***** Records for this exercise *****

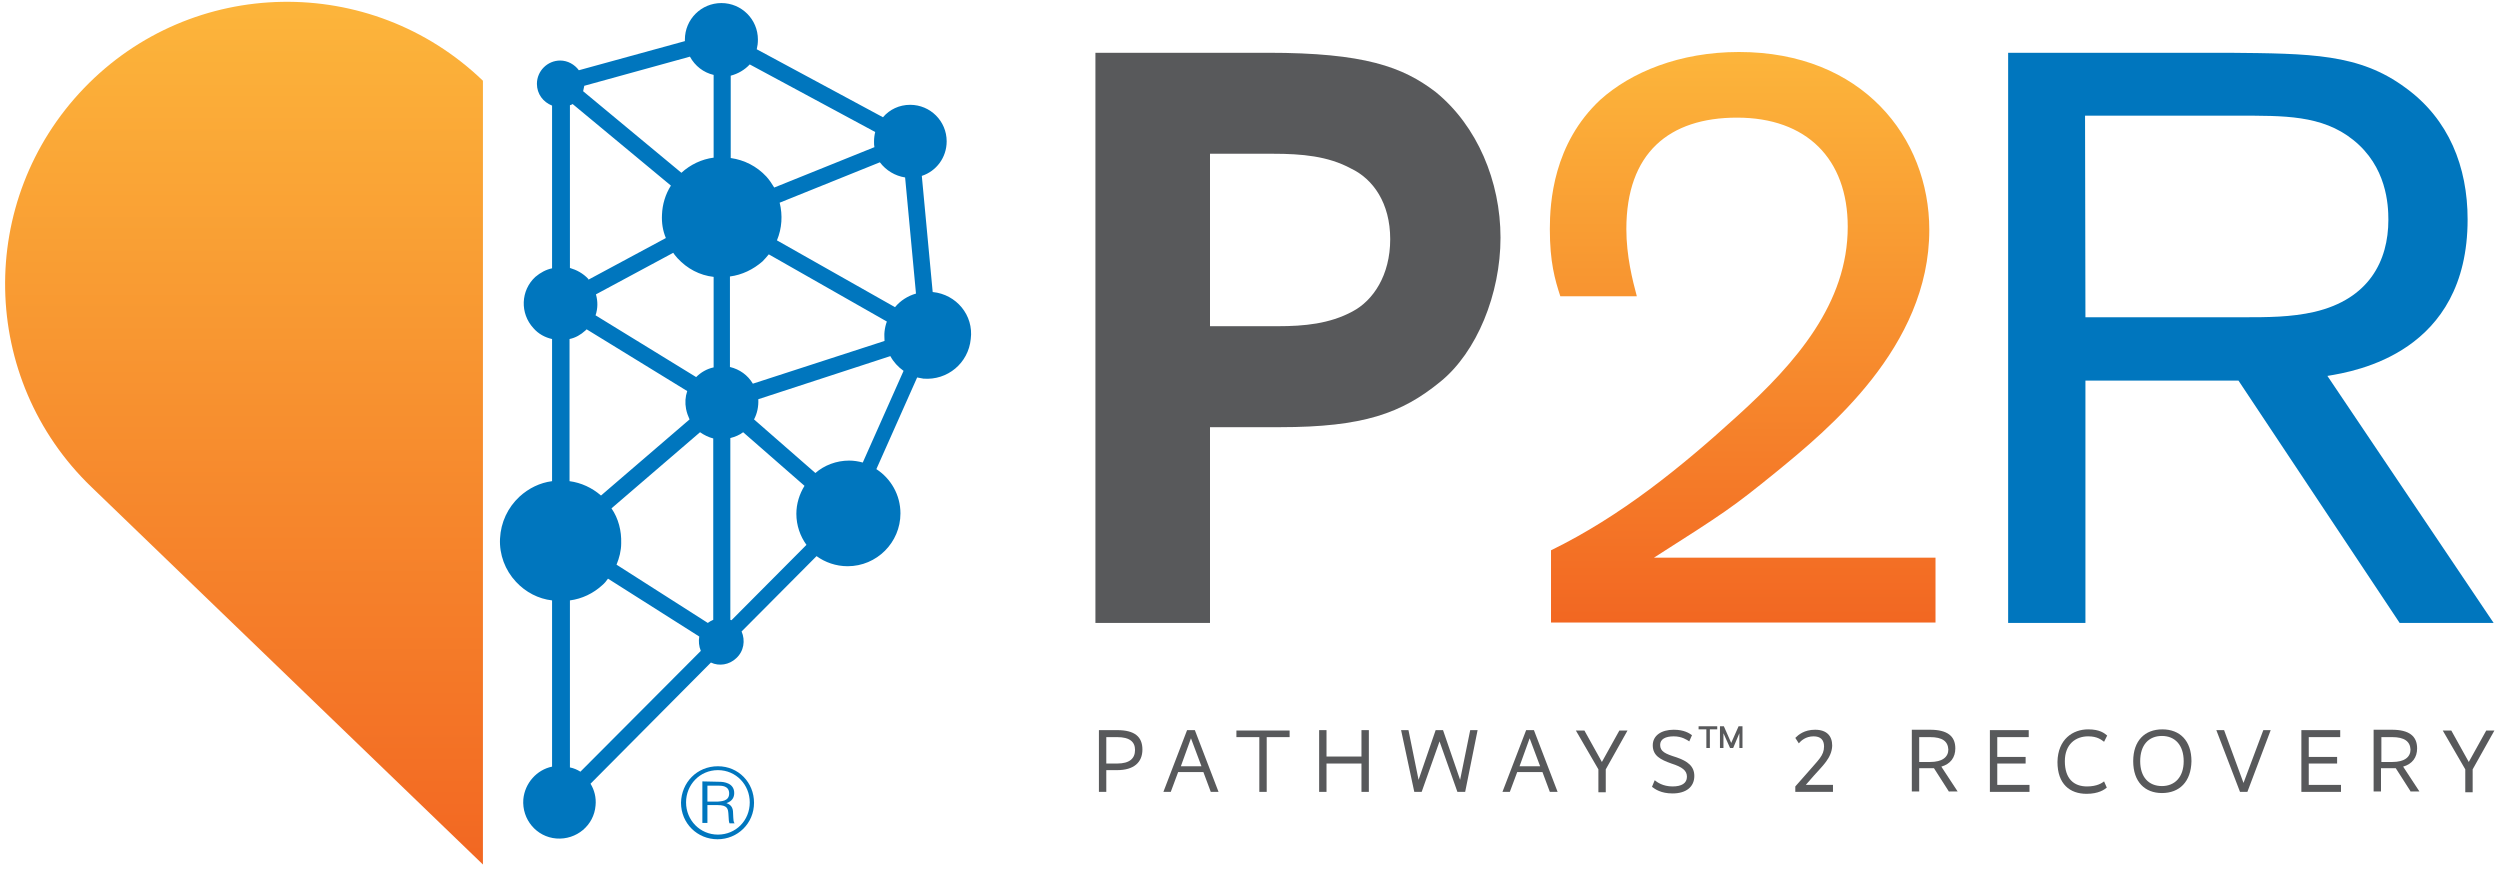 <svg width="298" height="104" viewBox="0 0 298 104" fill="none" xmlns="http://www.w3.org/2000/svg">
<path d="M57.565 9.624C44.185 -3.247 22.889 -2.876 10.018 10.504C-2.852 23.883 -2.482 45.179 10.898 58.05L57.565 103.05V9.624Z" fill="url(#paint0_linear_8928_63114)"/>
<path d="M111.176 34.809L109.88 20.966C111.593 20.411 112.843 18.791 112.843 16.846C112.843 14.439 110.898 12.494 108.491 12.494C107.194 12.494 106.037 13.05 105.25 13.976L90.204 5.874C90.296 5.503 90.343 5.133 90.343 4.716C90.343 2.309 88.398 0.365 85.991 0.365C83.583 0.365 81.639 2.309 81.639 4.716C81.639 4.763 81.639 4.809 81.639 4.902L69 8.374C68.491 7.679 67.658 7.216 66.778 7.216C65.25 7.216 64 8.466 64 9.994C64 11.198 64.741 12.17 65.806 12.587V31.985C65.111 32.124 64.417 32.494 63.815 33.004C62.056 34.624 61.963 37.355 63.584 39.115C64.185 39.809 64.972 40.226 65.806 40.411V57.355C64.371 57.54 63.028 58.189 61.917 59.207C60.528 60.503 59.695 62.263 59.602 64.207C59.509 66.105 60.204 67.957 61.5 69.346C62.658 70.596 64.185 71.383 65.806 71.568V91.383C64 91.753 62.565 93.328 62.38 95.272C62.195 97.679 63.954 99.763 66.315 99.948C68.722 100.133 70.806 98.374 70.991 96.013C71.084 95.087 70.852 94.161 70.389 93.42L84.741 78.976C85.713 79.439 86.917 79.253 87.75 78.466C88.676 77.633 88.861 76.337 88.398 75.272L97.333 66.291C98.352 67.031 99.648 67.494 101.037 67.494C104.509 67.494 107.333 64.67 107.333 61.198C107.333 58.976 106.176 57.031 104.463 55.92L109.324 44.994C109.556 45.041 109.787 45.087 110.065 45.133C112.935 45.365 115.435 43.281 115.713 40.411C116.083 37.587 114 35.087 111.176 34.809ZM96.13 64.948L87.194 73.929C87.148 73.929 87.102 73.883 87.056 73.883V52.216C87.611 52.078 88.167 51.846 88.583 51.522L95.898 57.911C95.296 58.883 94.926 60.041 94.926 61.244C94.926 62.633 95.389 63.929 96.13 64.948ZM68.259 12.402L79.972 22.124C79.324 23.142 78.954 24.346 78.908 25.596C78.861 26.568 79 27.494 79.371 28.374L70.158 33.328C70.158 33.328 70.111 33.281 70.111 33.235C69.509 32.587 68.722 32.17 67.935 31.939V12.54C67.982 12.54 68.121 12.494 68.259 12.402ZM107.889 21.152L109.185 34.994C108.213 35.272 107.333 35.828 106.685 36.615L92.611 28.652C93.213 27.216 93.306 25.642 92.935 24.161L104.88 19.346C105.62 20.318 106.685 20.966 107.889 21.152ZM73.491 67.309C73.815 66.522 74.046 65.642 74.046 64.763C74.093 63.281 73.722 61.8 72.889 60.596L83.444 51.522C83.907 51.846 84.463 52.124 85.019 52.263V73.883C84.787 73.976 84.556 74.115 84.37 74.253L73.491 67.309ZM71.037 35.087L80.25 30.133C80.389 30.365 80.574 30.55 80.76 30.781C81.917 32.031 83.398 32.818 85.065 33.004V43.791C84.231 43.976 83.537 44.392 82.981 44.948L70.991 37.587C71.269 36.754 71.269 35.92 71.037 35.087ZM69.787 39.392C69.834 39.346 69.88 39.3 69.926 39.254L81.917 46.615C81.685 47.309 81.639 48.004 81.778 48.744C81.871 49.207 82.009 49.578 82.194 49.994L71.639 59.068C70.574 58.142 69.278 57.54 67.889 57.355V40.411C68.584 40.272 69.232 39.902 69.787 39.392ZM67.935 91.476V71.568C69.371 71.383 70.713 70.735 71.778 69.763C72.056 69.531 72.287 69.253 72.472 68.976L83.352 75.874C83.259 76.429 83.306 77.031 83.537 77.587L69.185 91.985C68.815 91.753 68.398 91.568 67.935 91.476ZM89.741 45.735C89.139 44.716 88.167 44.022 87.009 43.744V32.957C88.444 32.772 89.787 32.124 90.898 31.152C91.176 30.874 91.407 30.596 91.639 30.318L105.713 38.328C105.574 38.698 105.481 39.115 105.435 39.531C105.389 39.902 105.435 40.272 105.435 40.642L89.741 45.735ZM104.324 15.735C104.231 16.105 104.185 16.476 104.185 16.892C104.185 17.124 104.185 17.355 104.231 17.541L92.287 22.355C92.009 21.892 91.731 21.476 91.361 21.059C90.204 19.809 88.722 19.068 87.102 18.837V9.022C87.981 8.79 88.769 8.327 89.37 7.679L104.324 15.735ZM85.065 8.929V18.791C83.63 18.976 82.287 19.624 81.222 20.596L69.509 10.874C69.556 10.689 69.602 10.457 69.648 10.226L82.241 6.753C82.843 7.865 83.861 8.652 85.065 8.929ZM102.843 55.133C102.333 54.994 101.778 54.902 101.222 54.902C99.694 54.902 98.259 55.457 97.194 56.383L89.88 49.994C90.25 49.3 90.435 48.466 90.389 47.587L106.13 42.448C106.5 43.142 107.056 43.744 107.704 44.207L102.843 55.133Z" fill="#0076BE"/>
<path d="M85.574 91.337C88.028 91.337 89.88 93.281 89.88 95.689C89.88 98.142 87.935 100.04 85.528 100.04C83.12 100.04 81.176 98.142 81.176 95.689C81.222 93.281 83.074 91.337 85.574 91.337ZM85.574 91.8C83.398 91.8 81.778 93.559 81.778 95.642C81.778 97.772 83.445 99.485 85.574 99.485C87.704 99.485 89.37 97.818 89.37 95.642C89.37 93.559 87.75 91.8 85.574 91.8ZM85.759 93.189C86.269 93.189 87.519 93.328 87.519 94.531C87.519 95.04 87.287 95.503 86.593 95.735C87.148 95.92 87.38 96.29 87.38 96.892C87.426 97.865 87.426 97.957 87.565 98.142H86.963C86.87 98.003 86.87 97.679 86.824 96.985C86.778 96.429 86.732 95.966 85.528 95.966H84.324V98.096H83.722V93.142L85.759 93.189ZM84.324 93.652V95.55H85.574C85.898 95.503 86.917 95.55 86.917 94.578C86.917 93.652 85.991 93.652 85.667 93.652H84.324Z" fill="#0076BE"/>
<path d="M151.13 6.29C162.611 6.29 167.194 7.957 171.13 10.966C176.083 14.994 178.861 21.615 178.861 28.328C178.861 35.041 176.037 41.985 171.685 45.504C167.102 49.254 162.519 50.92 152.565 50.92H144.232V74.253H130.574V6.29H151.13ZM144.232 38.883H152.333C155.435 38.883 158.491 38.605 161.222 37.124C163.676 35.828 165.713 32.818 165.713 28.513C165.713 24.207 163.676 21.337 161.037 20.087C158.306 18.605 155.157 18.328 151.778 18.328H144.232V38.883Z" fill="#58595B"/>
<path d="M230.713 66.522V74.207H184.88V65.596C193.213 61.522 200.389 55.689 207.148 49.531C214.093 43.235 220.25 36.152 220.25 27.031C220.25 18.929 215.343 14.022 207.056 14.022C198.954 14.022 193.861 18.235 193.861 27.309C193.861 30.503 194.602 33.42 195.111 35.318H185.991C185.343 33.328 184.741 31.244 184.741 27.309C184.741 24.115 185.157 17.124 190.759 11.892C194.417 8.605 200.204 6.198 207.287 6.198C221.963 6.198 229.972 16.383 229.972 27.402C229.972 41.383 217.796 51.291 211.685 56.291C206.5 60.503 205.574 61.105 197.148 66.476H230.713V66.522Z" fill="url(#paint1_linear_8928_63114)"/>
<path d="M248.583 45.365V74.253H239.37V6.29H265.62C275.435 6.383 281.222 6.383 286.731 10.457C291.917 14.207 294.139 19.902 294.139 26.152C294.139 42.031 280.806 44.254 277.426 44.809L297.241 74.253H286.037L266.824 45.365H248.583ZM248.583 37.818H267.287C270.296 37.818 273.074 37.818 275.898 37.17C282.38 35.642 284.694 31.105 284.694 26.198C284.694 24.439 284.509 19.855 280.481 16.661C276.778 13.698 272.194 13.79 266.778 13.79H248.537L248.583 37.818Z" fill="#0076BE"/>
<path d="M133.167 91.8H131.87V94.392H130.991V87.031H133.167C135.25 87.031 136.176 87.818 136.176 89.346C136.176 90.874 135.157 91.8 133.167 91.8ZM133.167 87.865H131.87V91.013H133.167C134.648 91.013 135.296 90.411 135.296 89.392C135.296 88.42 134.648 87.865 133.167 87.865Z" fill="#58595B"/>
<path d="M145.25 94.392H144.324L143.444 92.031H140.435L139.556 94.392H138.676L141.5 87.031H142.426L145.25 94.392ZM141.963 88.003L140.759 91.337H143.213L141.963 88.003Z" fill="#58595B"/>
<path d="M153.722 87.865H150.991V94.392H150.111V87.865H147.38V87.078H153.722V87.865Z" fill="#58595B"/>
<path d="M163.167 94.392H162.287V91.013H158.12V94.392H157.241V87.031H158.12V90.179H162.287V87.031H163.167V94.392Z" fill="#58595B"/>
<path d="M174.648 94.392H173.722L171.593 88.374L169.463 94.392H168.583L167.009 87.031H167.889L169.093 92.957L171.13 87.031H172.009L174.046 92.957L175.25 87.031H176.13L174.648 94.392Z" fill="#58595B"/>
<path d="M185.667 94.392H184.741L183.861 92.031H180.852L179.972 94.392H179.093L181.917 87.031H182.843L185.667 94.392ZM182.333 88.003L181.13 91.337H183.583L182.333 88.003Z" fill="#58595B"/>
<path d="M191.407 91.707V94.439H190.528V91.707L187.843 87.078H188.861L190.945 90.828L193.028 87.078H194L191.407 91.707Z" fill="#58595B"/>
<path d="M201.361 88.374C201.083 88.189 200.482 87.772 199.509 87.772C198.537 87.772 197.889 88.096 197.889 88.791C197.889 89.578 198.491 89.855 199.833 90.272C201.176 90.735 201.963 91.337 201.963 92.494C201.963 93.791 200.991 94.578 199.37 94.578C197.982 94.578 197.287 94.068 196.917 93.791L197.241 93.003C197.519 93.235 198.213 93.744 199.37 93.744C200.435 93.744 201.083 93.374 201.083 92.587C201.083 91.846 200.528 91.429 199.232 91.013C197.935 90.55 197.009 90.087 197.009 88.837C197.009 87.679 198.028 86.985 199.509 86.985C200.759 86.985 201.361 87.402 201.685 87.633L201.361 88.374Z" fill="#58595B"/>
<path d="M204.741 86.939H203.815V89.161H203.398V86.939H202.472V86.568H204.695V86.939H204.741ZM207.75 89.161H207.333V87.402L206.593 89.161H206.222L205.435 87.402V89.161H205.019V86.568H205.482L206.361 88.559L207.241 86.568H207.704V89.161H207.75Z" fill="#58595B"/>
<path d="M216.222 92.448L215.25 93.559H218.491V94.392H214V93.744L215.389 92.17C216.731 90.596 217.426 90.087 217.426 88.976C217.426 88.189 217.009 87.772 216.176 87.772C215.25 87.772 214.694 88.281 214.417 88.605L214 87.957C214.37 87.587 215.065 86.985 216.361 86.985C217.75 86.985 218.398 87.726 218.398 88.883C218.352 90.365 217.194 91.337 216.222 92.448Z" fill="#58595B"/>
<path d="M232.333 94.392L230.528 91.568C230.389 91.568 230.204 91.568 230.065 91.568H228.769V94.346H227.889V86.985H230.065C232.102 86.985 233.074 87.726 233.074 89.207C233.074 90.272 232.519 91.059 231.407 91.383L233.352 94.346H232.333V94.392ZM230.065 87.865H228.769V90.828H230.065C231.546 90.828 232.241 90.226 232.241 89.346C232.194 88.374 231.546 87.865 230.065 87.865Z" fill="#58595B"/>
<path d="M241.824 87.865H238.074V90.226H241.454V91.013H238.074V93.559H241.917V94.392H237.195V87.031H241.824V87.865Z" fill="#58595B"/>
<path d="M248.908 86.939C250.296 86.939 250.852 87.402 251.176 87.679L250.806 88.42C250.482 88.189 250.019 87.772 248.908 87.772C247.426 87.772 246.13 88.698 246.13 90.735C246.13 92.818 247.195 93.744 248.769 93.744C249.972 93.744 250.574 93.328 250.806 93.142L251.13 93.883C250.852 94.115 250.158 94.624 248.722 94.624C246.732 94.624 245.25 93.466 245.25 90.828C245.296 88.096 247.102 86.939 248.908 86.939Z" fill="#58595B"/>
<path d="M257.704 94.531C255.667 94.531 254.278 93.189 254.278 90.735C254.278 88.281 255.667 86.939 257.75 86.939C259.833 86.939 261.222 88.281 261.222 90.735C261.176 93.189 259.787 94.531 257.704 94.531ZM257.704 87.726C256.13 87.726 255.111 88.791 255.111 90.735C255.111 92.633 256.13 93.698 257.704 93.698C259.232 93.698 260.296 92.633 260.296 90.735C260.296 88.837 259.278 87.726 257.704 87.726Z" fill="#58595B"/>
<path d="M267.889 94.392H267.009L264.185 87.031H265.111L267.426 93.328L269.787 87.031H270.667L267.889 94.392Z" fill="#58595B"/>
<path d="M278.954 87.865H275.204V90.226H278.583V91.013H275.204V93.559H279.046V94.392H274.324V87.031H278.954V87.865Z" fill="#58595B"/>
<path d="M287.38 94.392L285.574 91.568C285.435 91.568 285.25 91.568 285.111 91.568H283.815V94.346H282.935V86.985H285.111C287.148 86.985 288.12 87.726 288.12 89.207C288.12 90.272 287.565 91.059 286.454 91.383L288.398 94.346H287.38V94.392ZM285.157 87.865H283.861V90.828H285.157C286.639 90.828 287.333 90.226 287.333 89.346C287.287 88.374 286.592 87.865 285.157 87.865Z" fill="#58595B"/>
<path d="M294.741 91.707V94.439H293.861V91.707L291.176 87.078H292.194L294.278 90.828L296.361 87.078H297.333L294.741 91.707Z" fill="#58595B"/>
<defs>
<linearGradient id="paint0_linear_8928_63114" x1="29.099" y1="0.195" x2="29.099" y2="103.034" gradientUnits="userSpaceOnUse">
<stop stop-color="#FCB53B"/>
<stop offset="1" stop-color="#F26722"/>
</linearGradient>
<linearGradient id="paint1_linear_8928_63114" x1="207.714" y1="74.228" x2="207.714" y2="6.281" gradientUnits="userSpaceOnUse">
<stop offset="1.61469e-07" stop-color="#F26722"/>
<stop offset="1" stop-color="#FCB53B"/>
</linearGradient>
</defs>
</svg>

*****

_Task brief_
With pictures removed, write out exactly each line of the entries from the first through the line that holds "9.624C44.185 -3.247 22.889".

_Response to the exercise_
 <svg width="298" height="104" viewBox="0 0 298 104" fill="none" xmlns="http://www.w3.org/2000/svg">
<path d="M57.565 9.624C44.185 -3.247 22.889 -2.876 10.018 10.504C-2.852 23.883 -2.482 45.179 10.898 58.05L57.565 103.05V9.624Z" fill="url(#paint0_linear_8928_63114)"/>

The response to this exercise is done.